*Exercise directions*:
Retype the lines of the material below, exactly and only, from the one containing "Board (FEN): 8/6R1/1r3p2/3p3p/p4B1P/7k/P4P2/6K1" through the last line, with pictures left out.

*Provided material*:

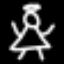
Label: angel
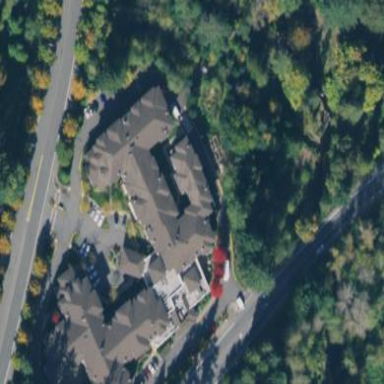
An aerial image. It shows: Nursing home building.
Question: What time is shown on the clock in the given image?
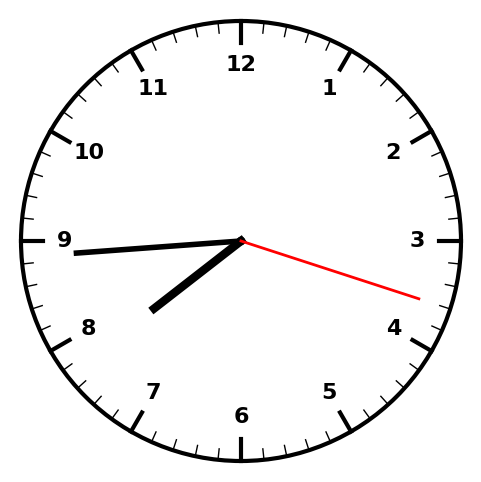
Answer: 07:44:18
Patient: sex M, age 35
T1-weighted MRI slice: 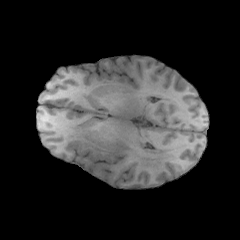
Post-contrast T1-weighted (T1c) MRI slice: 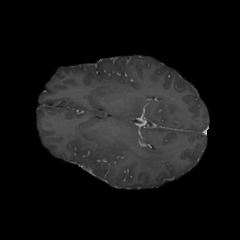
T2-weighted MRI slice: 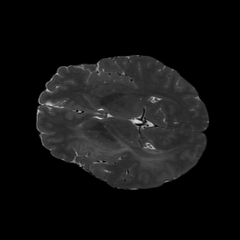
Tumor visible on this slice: yes
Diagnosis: Astrocytoma, IDH-wildtype
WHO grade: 2
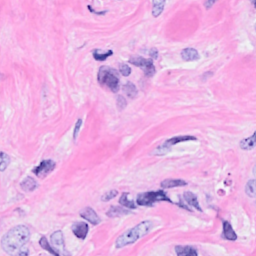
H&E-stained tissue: Breast
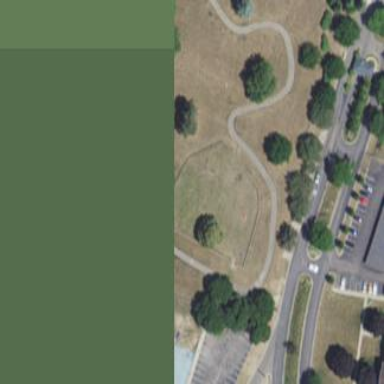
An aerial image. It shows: Dog park for leisure land.
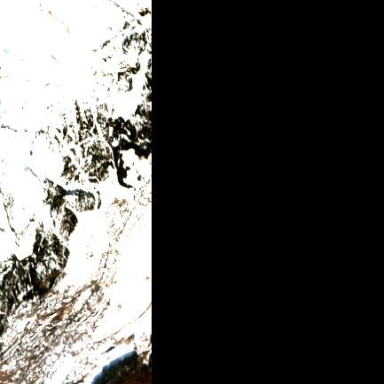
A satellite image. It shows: Area designated for winter sports.
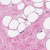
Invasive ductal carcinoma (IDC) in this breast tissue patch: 0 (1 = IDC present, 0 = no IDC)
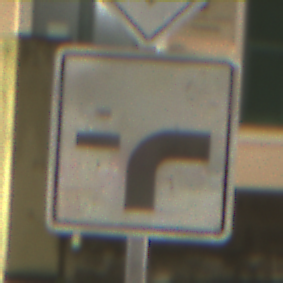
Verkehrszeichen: VerlaufVorfahrtsstrasse9
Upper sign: Vorfahrtsstrasse
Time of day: Night
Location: Outdoor (Urban)
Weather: PartlyCloudy
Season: NotSpecified
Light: Artificial
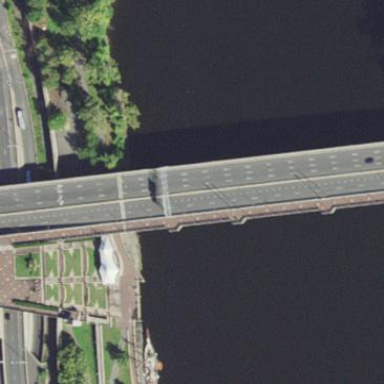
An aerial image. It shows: Man-made bridge.
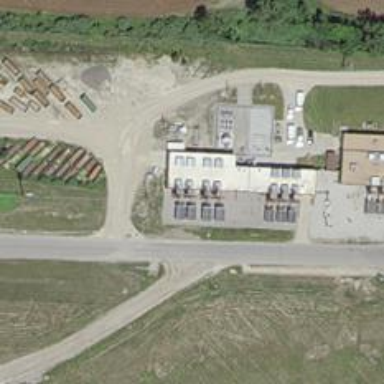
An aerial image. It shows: Generator for power supply.
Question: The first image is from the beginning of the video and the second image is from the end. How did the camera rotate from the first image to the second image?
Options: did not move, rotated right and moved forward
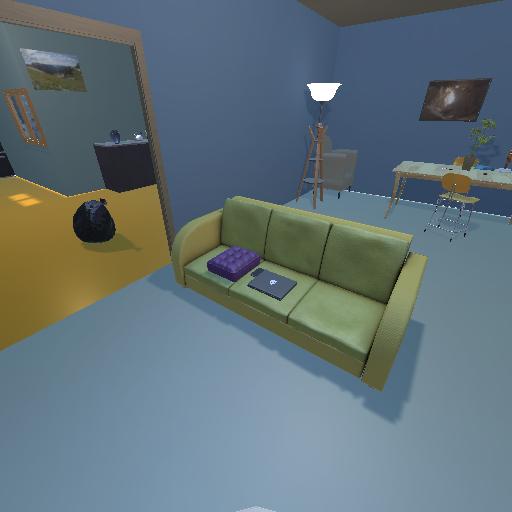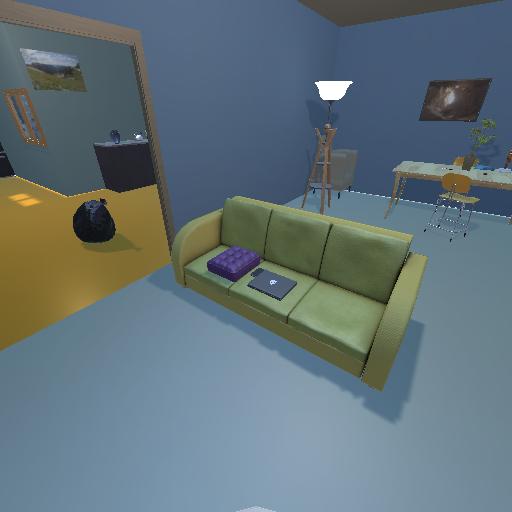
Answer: did not move
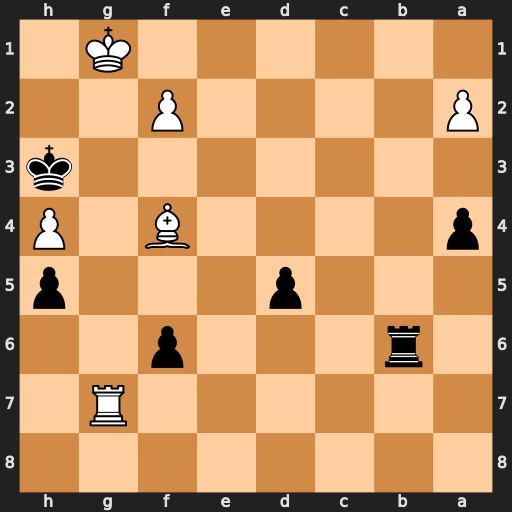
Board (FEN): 8/6R1/1r3p2/3p3p/p4B1P/7k/P4P2/6K1
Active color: b
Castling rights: -
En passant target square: -
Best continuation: Rb1+ Bc1 Rxc1#
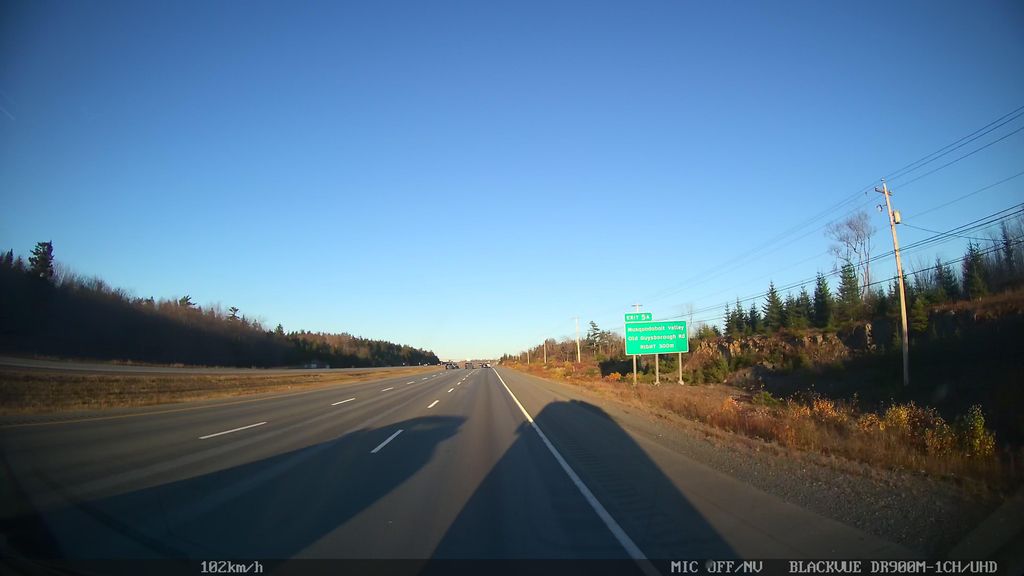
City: halifax

*Result for this exercise*:
Board (FEN): 8/6R1/1r3p2/3p3p/p4B1P/7k/P4P2/6K1
Active color: b
Castling rights: -
En passant target square: -
Best continuation: Rb1+ Bc1 Rxc1#
City: halifax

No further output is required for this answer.